Федя, паренек лет тридцатипяти, ехал в Питер в скором поезде... Ехал он на две недели - писать гуашью каналы и набережные города, он их нежно любил. Истый москвич, влюбленный в свой город, он, тем не менее, обожал Питер, всю его уютную старину и особенно бедную Коломну, Коломну Достоевского, которая все равно своими Сенными и Подъяческими улицами напоминала и старую Москву.
Каждый год он вот так ездил в осеннюю, именно осеннюю погоду, сиротливую, безысходную, с сеткой дождя, с пропадающими вдали домами-призраками, где прячется гоголевский Нос.
Не сезон, поэтому остановиться было легко: он когда-то работал в строительном тресте, у которого филиал был на Нейшлодтском проспекте, а общежитие - в Мучном переулке, у Садовой, там, где кончается Апраксин двор.
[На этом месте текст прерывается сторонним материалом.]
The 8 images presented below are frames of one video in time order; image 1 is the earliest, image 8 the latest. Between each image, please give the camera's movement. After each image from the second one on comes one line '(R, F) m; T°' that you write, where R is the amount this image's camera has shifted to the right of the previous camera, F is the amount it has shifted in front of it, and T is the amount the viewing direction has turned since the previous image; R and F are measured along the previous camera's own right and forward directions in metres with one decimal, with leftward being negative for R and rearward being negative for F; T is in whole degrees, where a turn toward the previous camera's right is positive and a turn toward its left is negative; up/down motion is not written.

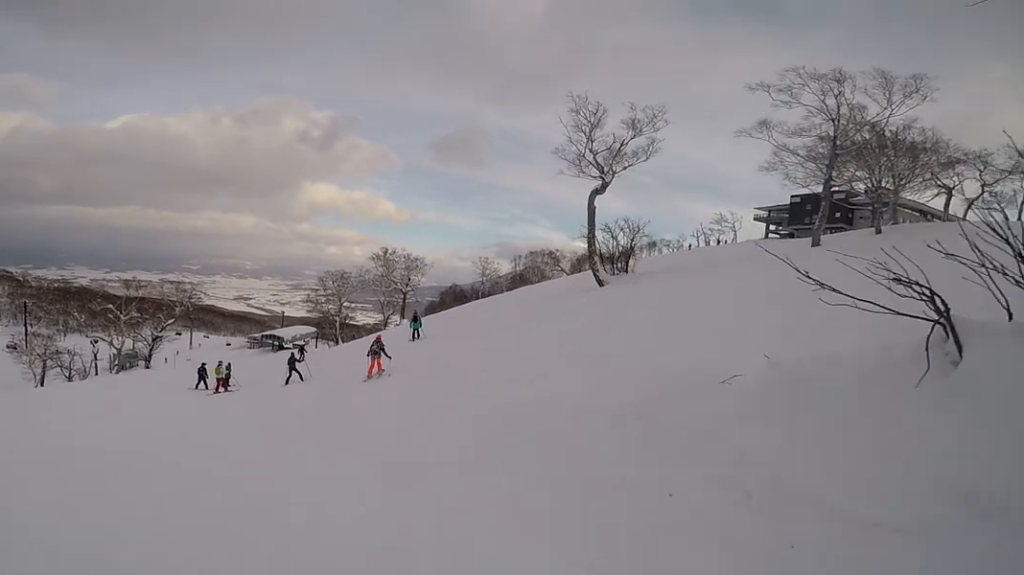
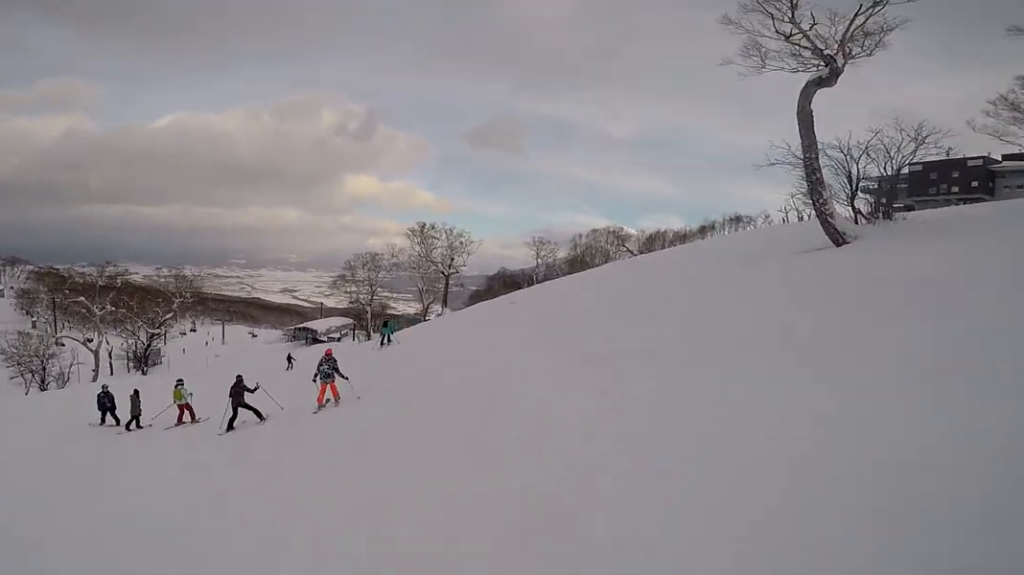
(+2.7, +12.1) m; -4°
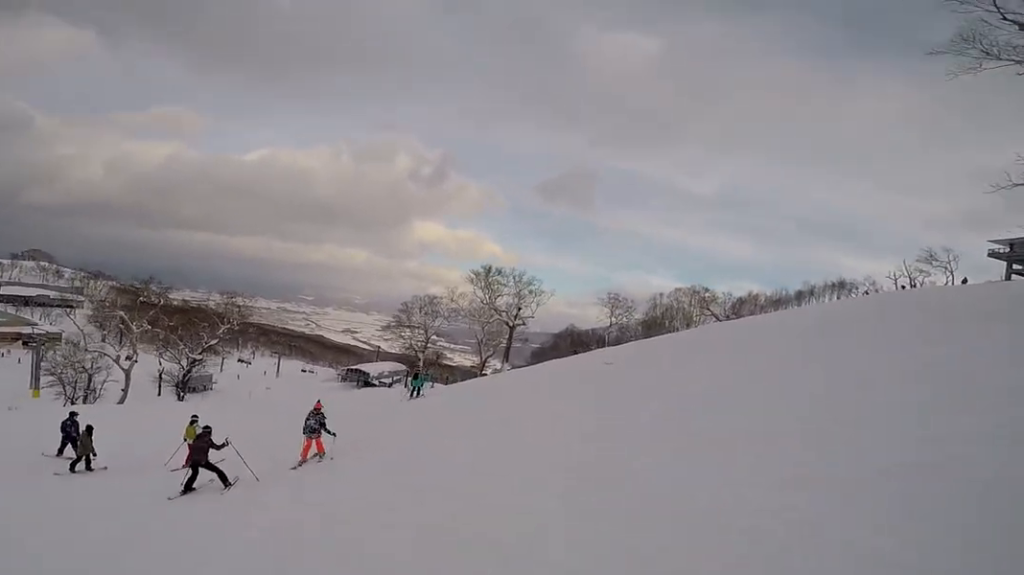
(-0.9, +5.3) m; -15°
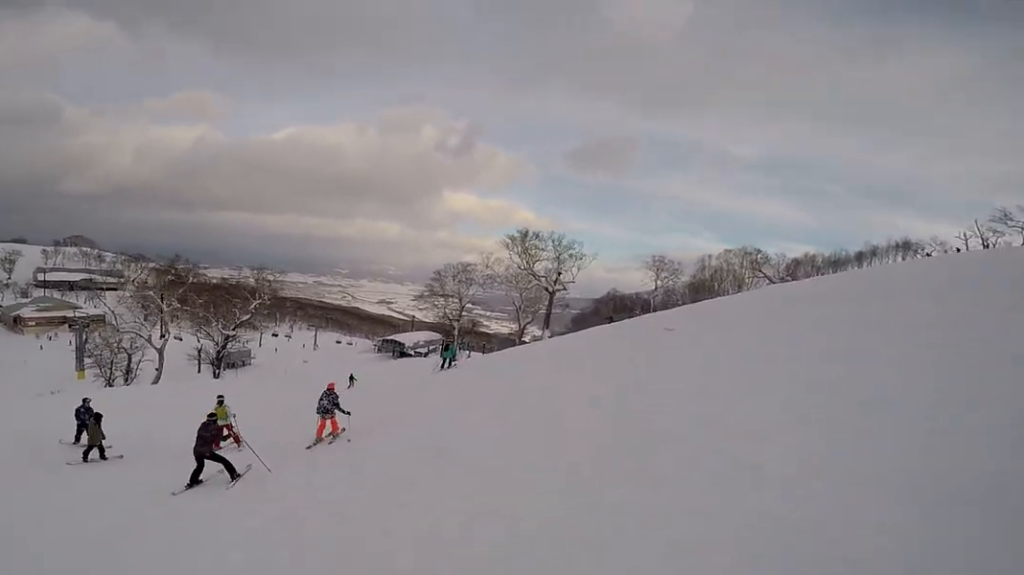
(-0.5, +1.9) m; -1°
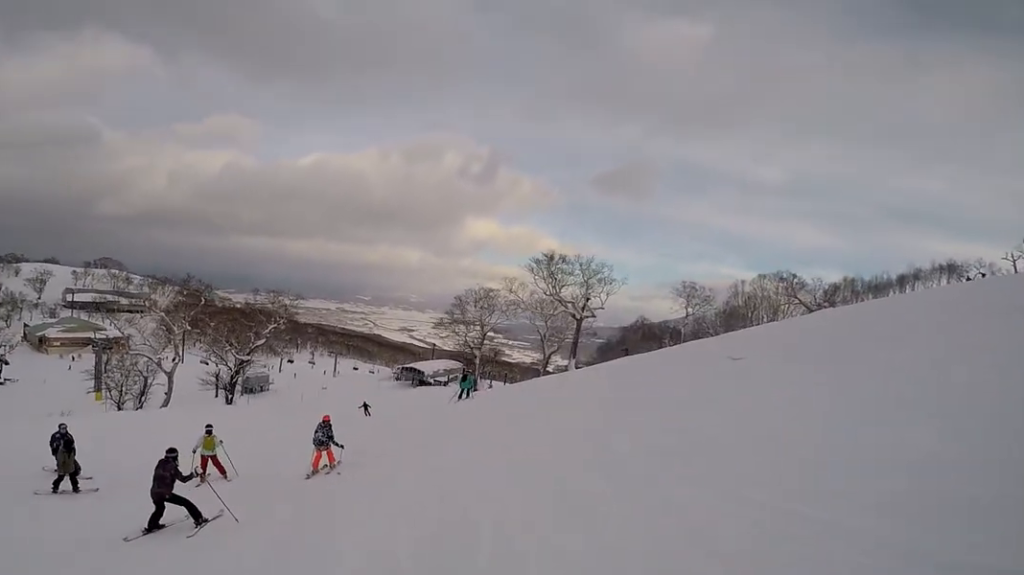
(+0.1, +2.2) m; +5°
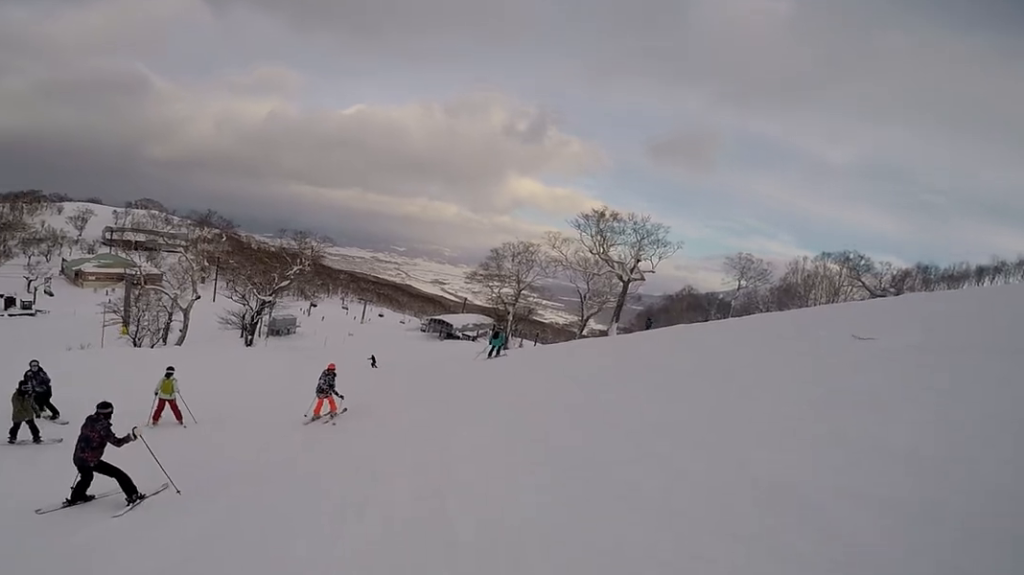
(+0.5, +2.6) m; +11°
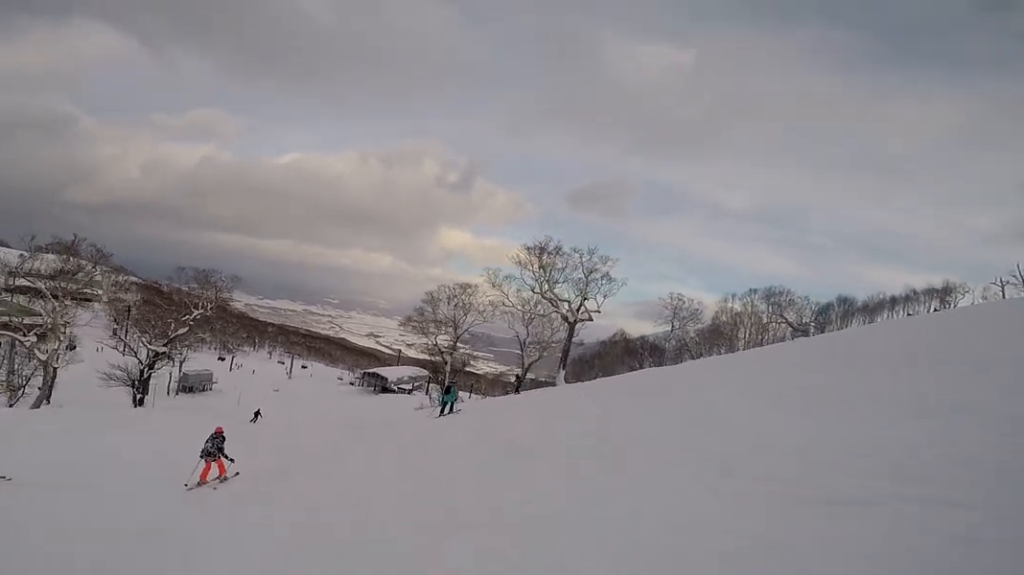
(+0.2, +5.4) m; -3°
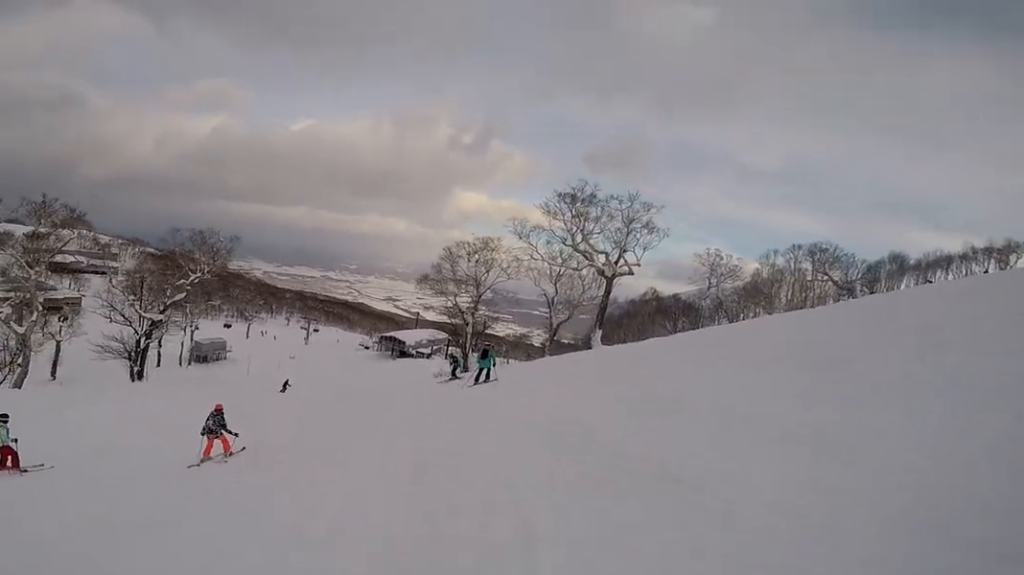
(0.0, +2.9) m; -14°

И дешево - 1 рубль в сутки, и сердито - практически комната-одиночка, и - самый центр. Питерцы вообще, он заметил давно, очень милые люди: ведь вот, хоть уж в тресте он давно не работал, а всё ж по приезде всегда ему замдиректора по хозчасти Евгений Борисыч дает путевку, а Наташа - хозяйка общаги - определяет на койку. Хорошо. И холодильник на кухне есть, готовить можно, а то без горячего как-то уж по-студенчески, а он отвык.
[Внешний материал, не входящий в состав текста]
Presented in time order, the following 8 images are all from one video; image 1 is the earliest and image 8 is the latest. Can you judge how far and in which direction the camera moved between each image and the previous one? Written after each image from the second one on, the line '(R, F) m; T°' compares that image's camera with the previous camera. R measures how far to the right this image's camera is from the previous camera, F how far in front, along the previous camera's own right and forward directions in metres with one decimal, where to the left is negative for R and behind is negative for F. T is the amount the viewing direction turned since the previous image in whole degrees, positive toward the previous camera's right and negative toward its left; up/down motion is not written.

В поезде он сел у окна на свое место. Наверх, над дверью, закинул папку с картонами и рюкзак с этюдником, складным стульчаком, красками и прочим остальным необходимым: кипятильник (на всякий пожарный), сменка бельеца, чаёк, хорошая колбаска, хлебушек и сахарок. Сейчас он как раз ту колбаску вынул и не дожидаясь проводницы заварил чай в кружке, и сидел вот, попивал. Он был из тех, кто и в 35 ведут себя, как в 20: непосредственный, доверчивый, романтичный, большой любитель всего смешного и не дурак савантюрить, а глаз художника у него подмечал абсолютно всё: вот села напротив молодая женщина, лет двадцатичетырех, недурна собой, томно привалилась к стенке у окна, прикрыв веки. Глаза у неё цвета морской волны. Над верхней губкой родинка, очень пикантно, светлые волосы по плечам. Ноги прекрасные, даже слишком, и пожалуй длинноваты для её более скромной верхней половины, просто всё купе заняли эти ноги с полными икрами и тонкой пястью в изящных кремовых босоножках, без чулок. Особенно аппетитно одна нога легла на другую и икра вздулась.
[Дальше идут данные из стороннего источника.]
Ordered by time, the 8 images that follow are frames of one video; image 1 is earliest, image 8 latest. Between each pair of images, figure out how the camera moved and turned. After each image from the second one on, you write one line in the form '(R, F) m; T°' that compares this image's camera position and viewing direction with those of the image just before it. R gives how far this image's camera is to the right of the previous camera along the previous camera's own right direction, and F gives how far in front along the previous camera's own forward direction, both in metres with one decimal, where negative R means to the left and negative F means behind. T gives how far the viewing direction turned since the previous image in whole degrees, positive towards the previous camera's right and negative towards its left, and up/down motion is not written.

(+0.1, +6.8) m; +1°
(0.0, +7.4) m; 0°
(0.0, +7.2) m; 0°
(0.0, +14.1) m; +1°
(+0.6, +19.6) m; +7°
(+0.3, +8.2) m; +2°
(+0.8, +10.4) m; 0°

"О, подумал Федя, каковы были бы эти ножки да в чулочках!"
Рядом с ней лежала кремовая же сумочка, под цвет босоножек. И голубой плащик. Под цвет глаз.
Потом в купе вошли двое: красавец лет 26-27, хохол с чорными усами победителя и его шестилетний сынок.
Хохол что-то слишком радостно поздоровался с дамой (и с Федей тоже), что-то, как показалось Феде, промелькнуло меж ними, что знают они друг друга, но разыгрывают комедию.
Знакомство всех состоялось, и усач сразу попросил Федю поменяться с ним местами, лечь наверх, над женщиной: он пояснил, так чтоб не слышал сын, что, мол, он писается во сне, болезнь такая, так пусть для удобства ляжет внизу, а папа над ним и будет чутко следить, чтоб мальчик во сне не обмочился. Все ласково посмеялись. Он действительно потом часто гонял малыша в уборную, и даже иной раз безо всякой надобности. Настоящую же цель всего этого Федя понял позже.
А пока он пил-ел и не мог оторвать глаз от дамочки, которая уже вовсю беседовала с усачом. Он чересчур старались изобразить беседу впервые познакомившихся, ибо тот иногда говорил: "А Колька мне сказал... (значит, она должна была знать Кольку)" или "Ну, у вас-то в костюмерном только и зарабатывать."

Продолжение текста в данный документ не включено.